For the sake of good customer relations and common courtesy, I agree that United should have bumped passengers before boarding took place. Nonetheless, this does not condone the man’s resistance and the rather juvenile (mentally ill?) way he returned to the cabin. No airline in their right mind would allow a man saying “please kill me” to remain on an aircraft waiting to depart.

Some of the law enforcement taking him off were black and Hispanic

Allegations of “racism” have attached themselves to this airline incident. But from what I saw in the video, some security officers were black or Hispanic, indicating if any racism existed it would be minority-on-minority. With 30% of Americans being minorities, and an even higher percentage of tourists flying to and within America being minorities, the chances of a non-white being randomly bumped off a flight are probably around three or four in ten. If an Asian man being asked to leave an overbooked plane is the litmus test for racism, with zero evidence proffered that race was actually a factor, I have great concerns for how people will deal with such events in the future.

Another part of the problem is that the actions of police and security officers are viewed as “illegitimate” and “oppressive” far too often, encouraged by a biased media that takes one snippet of video from something like a police shooting and then generalizes an accusation across all manner of other unrelated incidents that take place later. When people refuse to follow instructions and physically resist, they and others see the case as one of martyrdom. “It’s unfair, I don’t like it, so I will not obey” is the mantra of many a person who could prevent their own victimization simply by backing off, complying, and seeking legal remedies through the appropriate channels afterwards.

Why didn’t other people—non-doctors—volunteer to leave?

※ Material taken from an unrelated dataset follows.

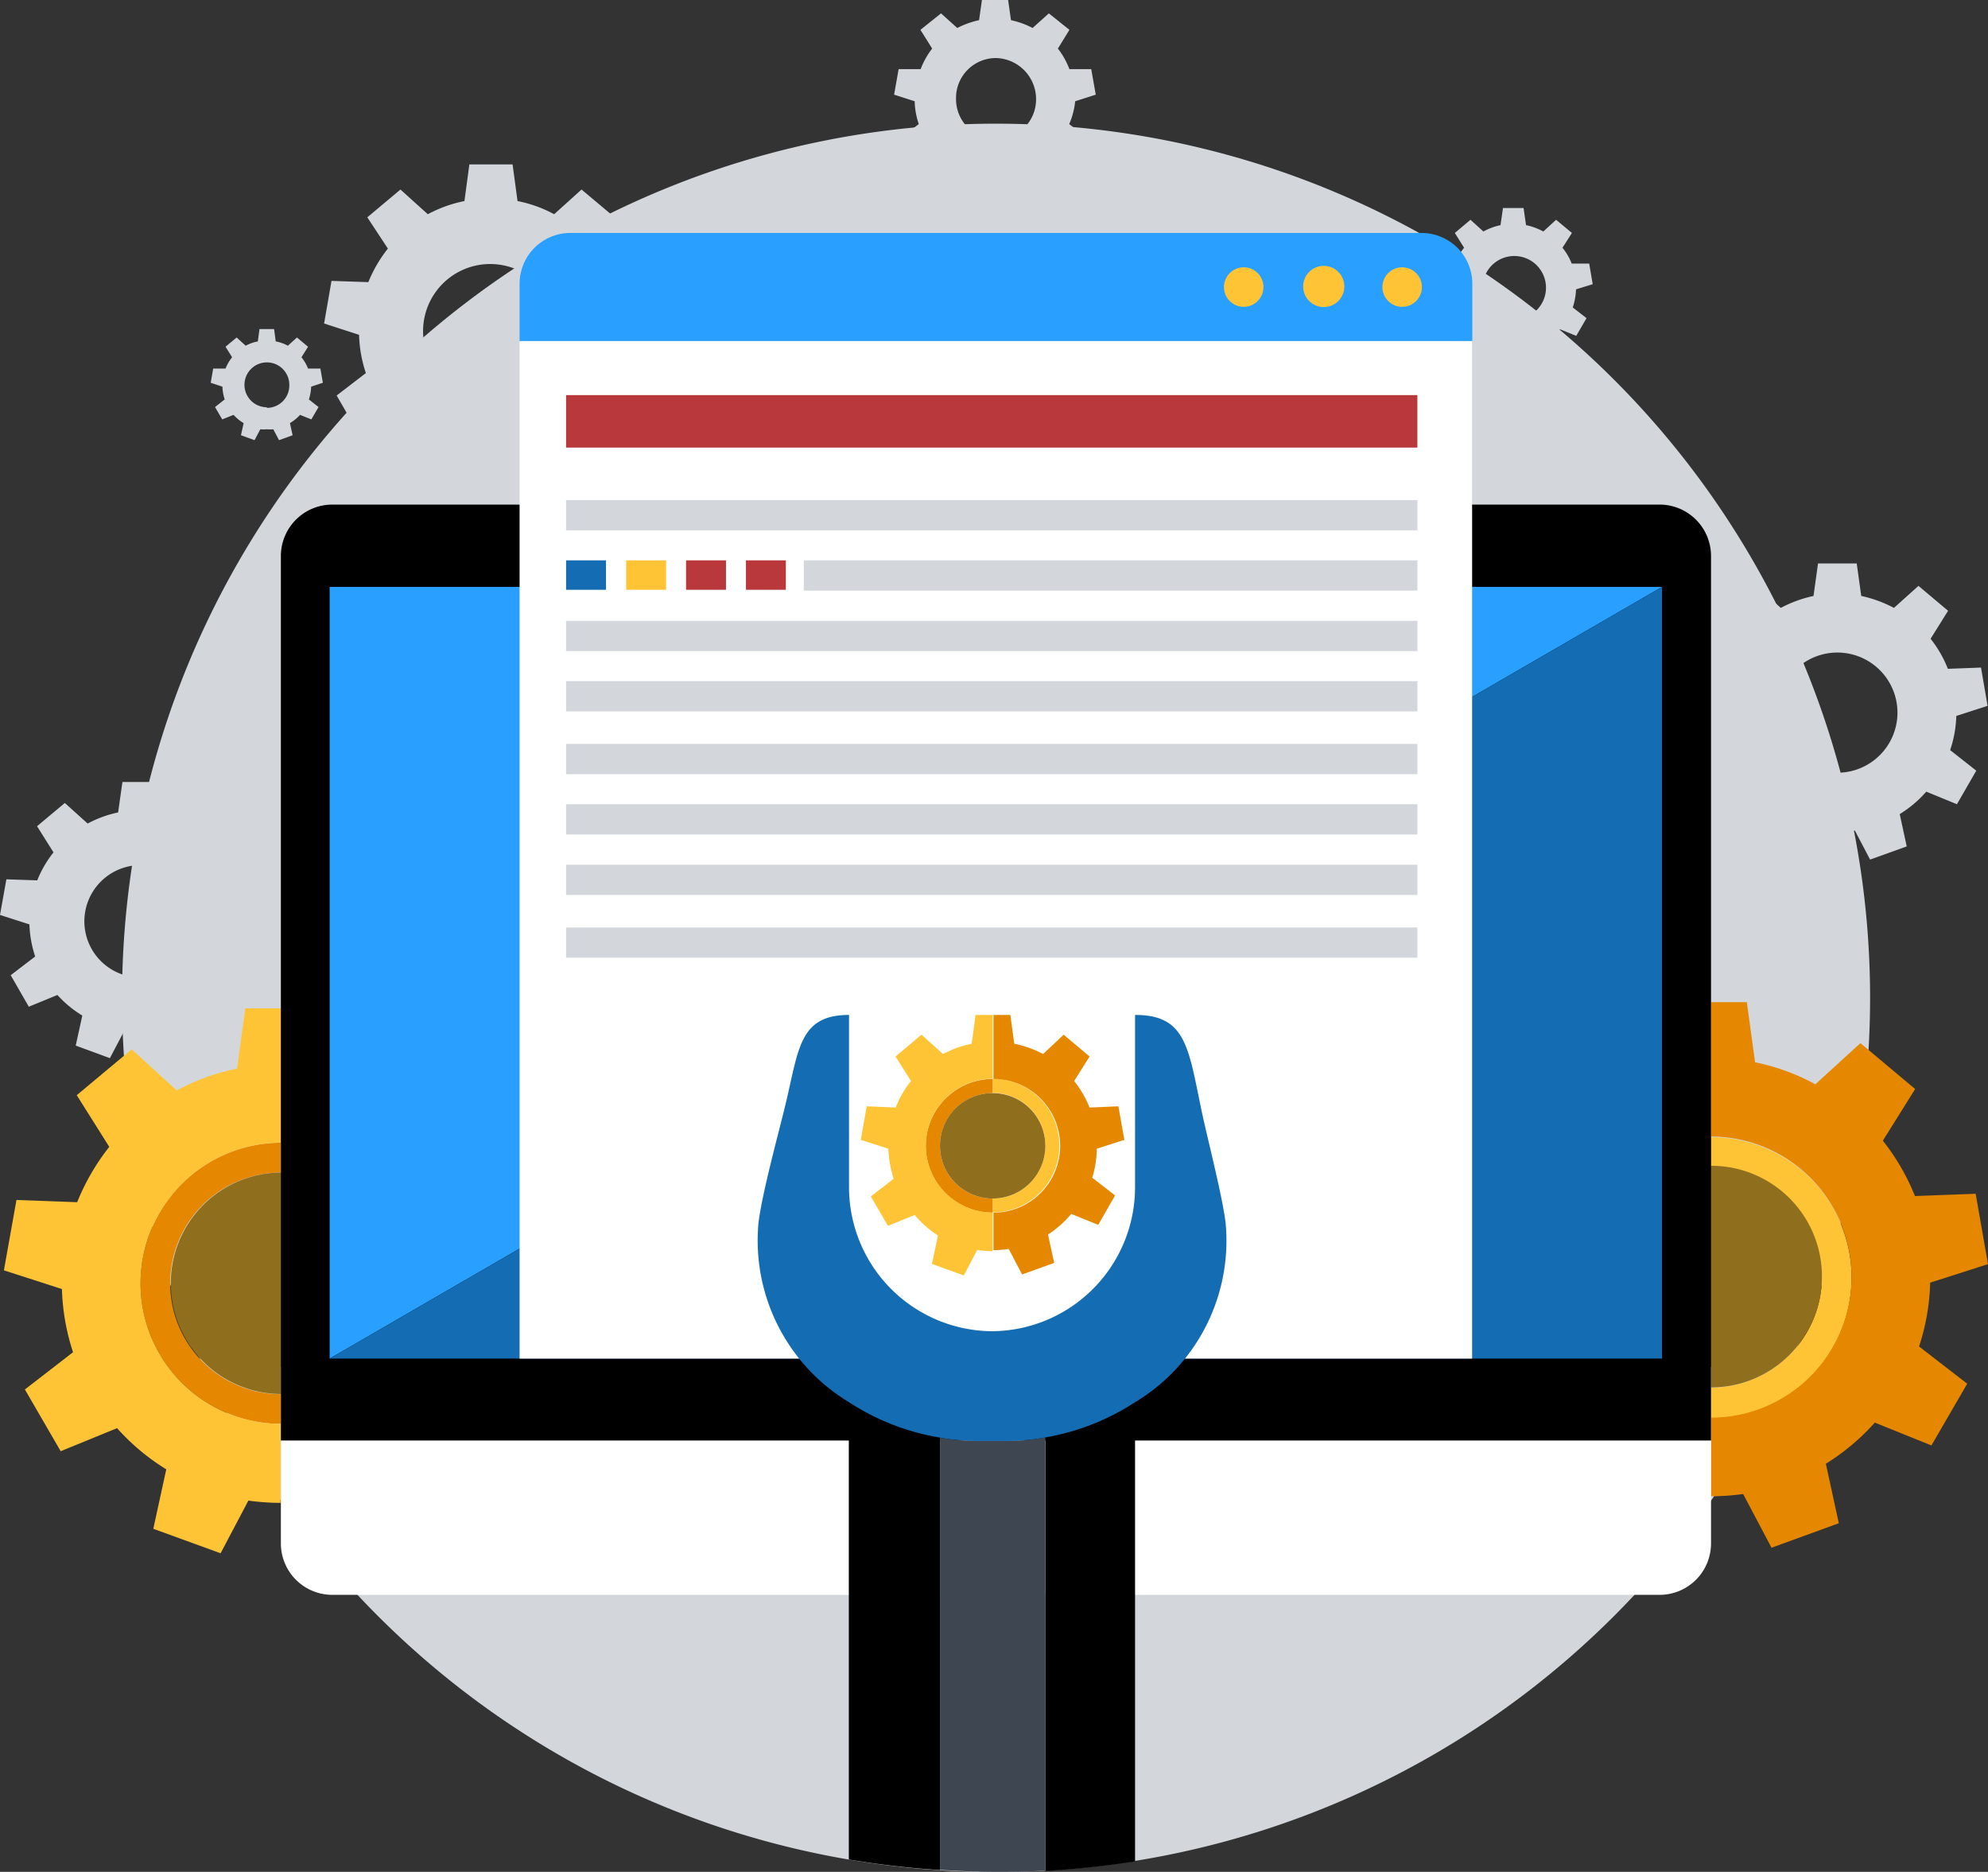 <svg xmlns="http://www.w3.org/2000/svg" id="Layer_1" data-name="Layer 1" viewBox="0 0 96.61 90.96"><rect x="0" y="0" width="96.61" height="90.96" fill="#333333" stroke="none"/><defs><style>.cls-1{fill:#d3d7db;}.cls-2{fill:#ffc436;}.cls-3{fill:#e58800;}.cls-4{fill:#8f6e1e;}.cls-5{fill:#fff;}.cls-6{fill:#29a0ff;}.cls-7{fill:#146cb3;}.cls-8{fill:#b8383b;}.cls-9{fill:#3e4651;}</style></defs><path class="cls-1" d="M-258.19,536.57a42.48,42.48,0,0,1-42.48,42.48,42.47,42.47,0,0,1-42.47-42.48,42.47,42.47,0,0,1,42.47-42.48A42.48,42.48,0,0,1-258.19,536.57Z" transform="translate(349.07 -488.08)"></path><path class="cls-1" d="M-336.85,533l1.43-.46-.31-1.73-1.49.05a5.76,5.76,0,0,0-.79-1.36l.8-1.27-1.35-1.13-1.11,1a5.41,5.41,0,0,0-1.49-.54l-.2-1.48h-1.76l-.21,1.48a5.47,5.47,0,0,0-1.48.54l-1.11-1-1.35,1.13.8,1.27a5.43,5.43,0,0,0-.79,1.36l-1.5-.05-.31,1.73,1.43.46a5.44,5.44,0,0,0,.28,1.56l-1.19.91.88,1.53,1.39-.57a5.37,5.37,0,0,0,1.21,1l-.32,1.46,1.66.61.7-1.33a5.16,5.16,0,0,0,.79.06,5.16,5.16,0,0,0,.79-.06l.7,1.33,1.65-.61-.31-1.46a5.32,5.32,0,0,0,1.2-1l1.39.57.88-1.53-1.18-.91A5.43,5.43,0,0,0-336.85,533Zm-5.39,2.58a2.73,2.73,0,0,1-2.73-2.73,2.73,2.73,0,0,1,2.73-2.73,2.74,2.74,0,0,1,2.73,2.73A2.73,2.73,0,0,1-342.24,535.55Z" transform="translate(349.07 -488.08)"></path><path class="cls-1" d="M-254,522.87l1.52-.49-.32-1.86-1.61.06a5.72,5.72,0,0,0-.84-1.46l.85-1.36-1.44-1.21-1.19,1.07a6.17,6.17,0,0,0-1.59-.58l-.22-1.58h-1.88l-.22,1.58a6.17,6.17,0,0,0-1.59.58l-1.19-1.07-1.44,1.21.85,1.36a5.72,5.72,0,0,0-.84,1.46l-1.61-.06-.32,1.86,1.52.49a5.67,5.67,0,0,0,.3,1.66l-1.27,1,.94,1.63,1.49-.61a5.61,5.61,0,0,0,1.29,1.09l-.34,1.57,1.78.64.74-1.41a6,6,0,0,0,.85.06,6,6,0,0,0,.85-.06l.74,1.41,1.78-.64-.34-1.57a5.61,5.61,0,0,0,1.29-1.09l1.49.61.94-1.63-1.27-1A5.67,5.67,0,0,0-254,522.87Zm-5.78,2.76a2.92,2.92,0,0,1-2.92-2.92,2.92,2.92,0,0,1,2.92-2.92,2.92,2.92,0,0,1,2.92,2.92A2.92,2.92,0,0,1-259.76,525.63Z" transform="translate(349.07 -488.08)"></path><path class="cls-1" d="M-272.48,502.14l.81-.25-.17-1-.85,0a2.83,2.83,0,0,0-.45-.77l.46-.72-.77-.64-.62.57a3,3,0,0,0-.84-.31l-.12-.83h-1l-.12.83a3,3,0,0,0-.83.31l-.63-.57-.76.64.45.72a2.83,2.83,0,0,0-.45.77l-.84,0-.18,1,.81.25a3.12,3.12,0,0,0,.15.88l-.66.52.49.86.79-.32a2.91,2.91,0,0,0,.68.58l-.18.82.94.34.39-.74a3.29,3.29,0,0,0,.45,0,3.15,3.15,0,0,0,.44,0l.4.74.93-.34-.18-.82a2.72,2.72,0,0,0,.68-.58l.79.32.5-.86-.67-.52A3.12,3.12,0,0,0-272.48,502.14Zm-3,1.46a1.54,1.54,0,0,1-1.54-1.54,1.54,1.54,0,0,1,1.54-1.54,1.54,1.54,0,0,1,1.54,1.54A1.54,1.54,0,0,1-275.52,503.6Z" transform="translate(349.07 -488.08)"></path><path class="cls-1" d="M-318.8,504.35l1.7-.55-.36-2.07-1.79.06a6.63,6.63,0,0,0-.95-1.63l1-1.52-1.61-1.35-1.33,1.2a6.3,6.3,0,0,0-1.78-.64l-.24-1.78h-2.1l-.24,1.78a6.41,6.41,0,0,0-1.78.64l-1.33-1.2-1.61,1.35,1,1.52a6.63,6.63,0,0,0-.95,1.63l-1.79-.06-.36,2.07,1.7.55a6.37,6.37,0,0,0,.33,1.86l-1.42,1.09,1.06,1.83,1.66-.68a6.43,6.43,0,0,0,1.44,1.21l-.38,1.75,2,.72.83-1.58a6,6,0,0,0,.95.07,5.78,5.78,0,0,0,.94-.07l.84,1.58,2-.72-.38-1.75a6.43,6.43,0,0,0,1.44-1.21l1.66.68,1.06-1.83-1.42-1.09A6.37,6.37,0,0,0-318.8,504.35Zm-6.45,3.08a3.26,3.26,0,0,1-3.26-3.26,3.26,3.26,0,0,1,3.26-3.26,3.26,3.26,0,0,1,3.26,3.26A3.26,3.26,0,0,1-325.25,507.43Z" transform="translate(349.07 -488.08)"></path><path class="cls-1" d="M-296.82,493l1-.32-.22-1.24-1.06,0a3.89,3.89,0,0,0-.56-1l.56-.91-1-.8-.79.71a4.11,4.11,0,0,0-1.05-.38l-.15-1.06h-1.25l-.15,1.06a4.32,4.32,0,0,0-1.06.38l-.79-.71-1,.8.57.91a3.89,3.89,0,0,0-.56,1l-1.07,0-.22,1.24,1,.32a3.7,3.7,0,0,0,.2,1.11l-.85.65.63,1.09,1-.4a4,4,0,0,0,.86.72l-.22,1,1.17.43.5-.94a3.43,3.43,0,0,0,.56,0,3.64,3.64,0,0,0,.57,0l.49.94,1.18-.43-.22-1a4,4,0,0,0,.86-.72l1,.4.62-1.09-.84-.65A3.7,3.7,0,0,0-296.82,493Zm-3.85,1.84a1.94,1.94,0,0,1-1.94-1.94,1.94,1.94,0,0,1,1.94-2,2,2,0,0,1,1.95,2A1.94,1.94,0,0,1-300.67,494.85Z" transform="translate(349.07 -488.08)"></path><path class="cls-1" d="M-333.95,506.87l.57-.19-.12-.69-.6,0a2.14,2.14,0,0,0-.32-.55l.32-.51-.54-.45-.44.4a2,2,0,0,0-.59-.21l-.08-.6h-.71l-.08.6a2,2,0,0,0-.59.21l-.44-.4-.54.45.32.51a2.14,2.14,0,0,0-.32.55l-.6,0-.12.69.57.19a2.18,2.18,0,0,0,.11.62l-.47.37.35.6.55-.22a2.09,2.09,0,0,0,.49.4l-.13.59.66.24.28-.53a1.67,1.67,0,0,0,.32,0,1.62,1.62,0,0,0,.31,0l.28.53.66-.24-.13-.59a2.09,2.09,0,0,0,.49-.4l.55.22.35-.6-.47-.37A2.18,2.18,0,0,0-333.95,506.87Zm-2.15,1a1.09,1.09,0,0,1-1.09-1.09,1.09,1.09,0,0,1,1.09-1.09,1.09,1.09,0,0,1,1.09,1.09A1.09,1.09,0,0,1-336.1,507.9Z" transform="translate(349.07 -488.08)"></path><path class="cls-2" d="M-260.53,550.12a5.4,5.4,0,0,1-5.39,5.39V557a6.84,6.84,0,0,0,6.83-6.83,6.83,6.83,0,0,0-6.83-6.83v1.44A5.4,5.4,0,0,1-260.53,550.12Z" transform="translate(349.07 -488.08)"></path><path class="cls-3" d="M-272.74,550.12a6.84,6.84,0,0,0,6.82,6.83h0v-1.44h0a5.39,5.39,0,0,1-5.38-5.39,5.39,5.39,0,0,1,5.38-5.39h0v-1.44h0A6.83,6.83,0,0,0-272.74,550.12Z" transform="translate(349.07 -488.08)"></path><path class="cls-3" d="M-255.27,550.41l2.81-.9-.6-3.42-2.95.11a10.75,10.75,0,0,0-1.56-2.69L-256,541l-2.66-2.23-2.19,2a10.48,10.48,0,0,0-2.93-1.07l-.4-2.92h-1.74v6.53a6.83,6.83,0,0,1,6.83,6.83,6.84,6.84,0,0,1-6.83,6.83v3.82a11.46,11.46,0,0,0,1.56-.11l1.38,2.61,3.27-1.19-.63-2.89a10.9,10.9,0,0,0,2.38-2l2.75,1.11,1.74-3-2.34-1.81A10.75,10.75,0,0,0-255.27,550.41Z" transform="translate(349.07 -488.08)"></path><path class="cls-2" d="M-265.92,557a6.84,6.84,0,0,1-6.82-6.83,6.83,6.83,0,0,1,6.82-6.83h0v-6.53h-1.73l-.4,2.92a10.48,10.48,0,0,0-2.93,1.07l-2.19-2-2.67,2.23,1.58,2.51a10.75,10.75,0,0,0-1.56,2.69l-2.95-.11-.61,3.42,2.82.9a10.75,10.75,0,0,0,.54,3.07l-2.34,1.81,1.74,3,2.74-1.11a11,11,0,0,0,2.39,2l-.63,2.89,3.27,1.19,1.37-2.61a11.46,11.46,0,0,0,1.56.11h0V557Z" transform="translate(349.07 -488.08)"></path><path class="cls-4" d="M-260.53,550.11a5.39,5.39,0,0,1-5.39,5.39,5.38,5.38,0,0,1-5.38-5.39,5.38,5.38,0,0,1,5.38-5.38A5.38,5.38,0,0,1-260.53,550.11Z" transform="translate(349.07 -488.08)"></path><path class="cls-2" d="M-330,550.44a5.4,5.4,0,0,1-5.39,5.39v1.44a6.83,6.83,0,0,0,6.83-6.83,6.84,6.84,0,0,0-6.83-6.83v1.45A5.39,5.39,0,0,1-330,550.44Z" transform="translate(349.07 -488.08)"></path><path class="cls-3" d="M-342.24,550.44a6.83,6.83,0,0,0,6.82,6.83h0v-1.44h0a5.39,5.39,0,0,1-5.38-5.39,5.38,5.38,0,0,1,5.38-5.38h0v-1.45h0A6.84,6.84,0,0,0-342.24,550.44Z" transform="translate(349.07 -488.08)"></path><path class="cls-3" d="M-324.77,550.74l2.81-.91-.6-3.42-2.95.11a10.93,10.93,0,0,0-1.56-2.69l1.57-2.51-2.66-2.23-2.19,2a10.47,10.47,0,0,0-2.93-1.06l-.4-2.93h-1.74v6.53a6.84,6.84,0,0,1,6.83,6.83,6.83,6.83,0,0,1-6.83,6.83v3.82a11.46,11.46,0,0,0,1.56-.11l1.38,2.61,3.27-1.19-.63-2.89a10.63,10.63,0,0,0,2.38-2l2.75,1.12,1.74-3-2.34-1.81A10.75,10.75,0,0,0-324.77,550.74Z" transform="translate(349.07 -488.08)"></path><path class="cls-2" d="M-335.42,557.27a6.83,6.83,0,0,1-6.82-6.83,6.84,6.84,0,0,1,6.82-6.83h0v-6.53h-1.73l-.4,2.93a10.47,10.47,0,0,0-2.93,1.06l-2.19-2-2.67,2.23,1.58,2.51a10.93,10.93,0,0,0-1.56,2.69l-2.95-.11-.61,3.42,2.82.91a10.75,10.75,0,0,0,.54,3.07l-2.34,1.81,1.74,3,2.74-1.12a10.68,10.68,0,0,0,2.39,2l-.63,2.89,3.27,1.19L-337,561a11.46,11.46,0,0,0,1.56.11h0v-3.82Z" transform="translate(349.07 -488.08)"></path><path class="cls-4" d="M-330,550.44a5.38,5.38,0,0,1-5.39,5.38,5.38,5.38,0,0,1-5.38-5.38,5.38,5.38,0,0,1,5.38-5.38A5.38,5.38,0,0,1-330,550.44Z" transform="translate(349.07 -488.08)"></path><path class="cls-5" d="M13.65,66.43h69.5a0,0,0,0,1,0,0V75a2.5,2.5,0,0,1-2.5,2.5H16.15a2.5,2.5,0,0,1-2.5-2.5V66.43A0,0,0,0,1,13.65,66.43Z"></path><path d="M16.15,24.52h64.5a2.5,2.5,0,0,1,2.5,2.5V70a0,0,0,0,1,0,0H13.65a0,0,0,0,1,0,0V27A2.5,2.5,0,0,1,16.15,24.52Z"></path><polygon class="cls-6" points="16.02 28.52 16.02 66.02 80.77 28.52 16.02 28.52"></polygon><polygon class="cls-7" points="16.02 66.02 80.77 66.02 80.77 28.52 16.02 66.02"></polygon><rect class="cls-5" x="25.25" y="16.57" width="46.29" height="49.45"></rect><path class="cls-6" d="M27.72,11.32H69.08a2.47,2.47,0,0,1,2.47,2.47v2.78a0,0,0,0,1,0,0H25.25a0,0,0,0,1,0,0V13.79A2.47,2.47,0,0,1,27.72,11.32Z"></path><rect class="cls-8" x="27.51" y="19.2" width="41.37" height="2.55"></rect><rect class="cls-1" x="27.51" y="24.3" width="41.37" height="1.47"></rect><rect class="cls-1" x="27.51" y="30.17" width="41.37" height="1.47"></rect><rect class="cls-1" x="27.51" y="33.1" width="41.37" height="1.47"></rect><rect class="cls-1" x="27.51" y="36.15" width="41.37" height="1.47"></rect><rect class="cls-1" x="27.51" y="39.08" width="41.37" height="1.47"></rect><rect class="cls-1" x="27.51" y="42.02" width="41.37" height="1.47"></rect><rect class="cls-1" x="27.51" y="45.07" width="41.37" height="1.47"></rect><rect class="cls-1" x="39.06" y="27.23" width="29.82" height="1.47"></rect><rect class="cls-7" x="27.51" y="27.23" width="1.94" height="1.43"></rect><rect class="cls-2" x="30.43" y="27.23" width="1.94" height="1.43"></rect><rect class="cls-8" x="33.34" y="27.23" width="1.94" height="1.43"></rect><rect class="cls-8" x="36.25" y="27.23" width="1.94" height="1.43"></rect><path class="cls-2" d="M-298.27,543.76a2.56,2.56,0,0,1-2.56,2.56V547a3.25,3.25,0,0,0,3.24-3.25,3.25,3.25,0,0,0-3.24-3.25v.69A2.56,2.56,0,0,1-298.27,543.76Z" transform="translate(349.07 -488.08)"></path><path class="cls-3" d="M-304.08,543.76a3.26,3.26,0,0,0,3.25,3.25h0v-.69h0a2.56,2.56,0,0,1-2.56-2.56,2.56,2.56,0,0,1,2.56-2.56h0v-.69h0A3.26,3.26,0,0,0-304.08,543.76Z" transform="translate(349.07 -488.08)"></path><path class="cls-3" d="M-295.77,543.9l1.34-.43-.29-1.63-1.4.06a5.18,5.18,0,0,0-.75-1.29l.75-1.19-1.26-1.06-1,.94a5.07,5.07,0,0,0-1.4-.5l-.19-1.4h-.82v3.11a3.25,3.25,0,0,1,3.24,3.25,3.25,3.25,0,0,1-3.24,3.25v1.82a4.52,4.52,0,0,0,.74-.06l.65,1.24,1.56-.56-.3-1.38a5.14,5.14,0,0,0,1.13-1l1.31.53.82-1.43-1.11-.86A5,5,0,0,0-295.77,543.9Z" transform="translate(349.07 -488.08)"></path><path class="cls-2" d="M-300.83,547a3.26,3.26,0,0,1-3.25-3.25,3.26,3.26,0,0,1,3.25-3.25h0V537.4h-.83l-.19,1.4a5.13,5.13,0,0,0-1.39.5l-1.05-.94-1.26,1.06.75,1.19a4.86,4.86,0,0,0-.74,1.29l-1.41-.06-.29,1.63,1.34.43a5.39,5.39,0,0,0,.26,1.46l-1.11.86.83,1.43,1.3-.53a5.14,5.14,0,0,0,1.13,1l-.29,1.38,1.55.56.65-1.24a4.65,4.65,0,0,0,.75.06h0V547Z" transform="translate(349.07 -488.08)"></path><path class="cls-4" d="M-298.27,543.76a2.56,2.56,0,0,1-2.56,2.56,2.56,2.56,0,0,1-2.56-2.56,2.55,2.55,0,0,1,2.56-2.56A2.56,2.56,0,0,1-298.27,543.76Z" transform="translate(349.07 -488.08)"></path><circle class="cls-2" cx="68.14" cy="13.95" r="0.96"></circle><path class="cls-2" d="M-285.74,502a1,1,0,0,0,1,1,1,1,0,0,0,1-1,1,1,0,0,0-1-1A1,1,0,0,0-285.74,502Z" transform="translate(349.07 -488.08)"></path><circle class="cls-2" cx="60.44" cy="13.95" r="0.96"></circle><path d="M-298.27,557.93V579c1.47-.09,2.93-.24,4.36-.47V556.22A11.57,11.57,0,0,1-298.27,557.93Z" transform="translate(349.07 -488.08)"></path><path d="M-303.39,557.94a11.52,11.52,0,0,1-4.43-1.72v22.22a42.86,42.86,0,0,0,4.43.51Z" transform="translate(349.07 -488.08)"></path><path class="cls-9" d="M-301.62,558.1a10.4,10.4,0,0,1-1.77-.16v21c.9.06,1.81.1,2.72.1s1.6,0,2.4-.07V557.93a10.33,10.33,0,0,1-1.84.17Z" transform="translate(349.07 -488.08)"></path><path class="cls-7" d="M-301.62,558.1h1.51a10.33,10.33,0,0,0,1.84-.17,11.57,11.57,0,0,0,4.36-1.71,9.16,9.16,0,0,0,4.4-8.72c-.18-1.43-.91-4.18-1.2-5.6-.62-3-.77-4.5-3.2-4.5v8.37a7,7,0,0,1-6.95,7h0a7,7,0,0,1-6.95-7V537.4h0c-2.43,0-2.44,1.67-3.09,4.36-.34,1.41-1.13,4.28-1.31,5.74a9.18,9.18,0,0,0,4.4,8.72,11.52,11.52,0,0,0,4.43,1.72A10.4,10.4,0,0,0-301.62,558.1Z" transform="translate(349.07 -488.08)"></path></svg>

If we assume that the reports of the man being a doctor who needed to perform surgery are true, why didn’t someone else volunteer to leave? People gladly whipped out their phones to record the spectacle and then virtue-signal online, but none seemingly had the foresight to realize that their own non-essential business could wait when United were calling for volunteers.

In addition to the man’s antics, his fellow passengers were not selfless enough to get out of their seats but suddenly became Good Samaritans when the chance to visually record things and speak to newspapers presented itself. I may believe that airline overbooking should be made illegal, but deciding to get yourself injured over it is nothing short of moronic.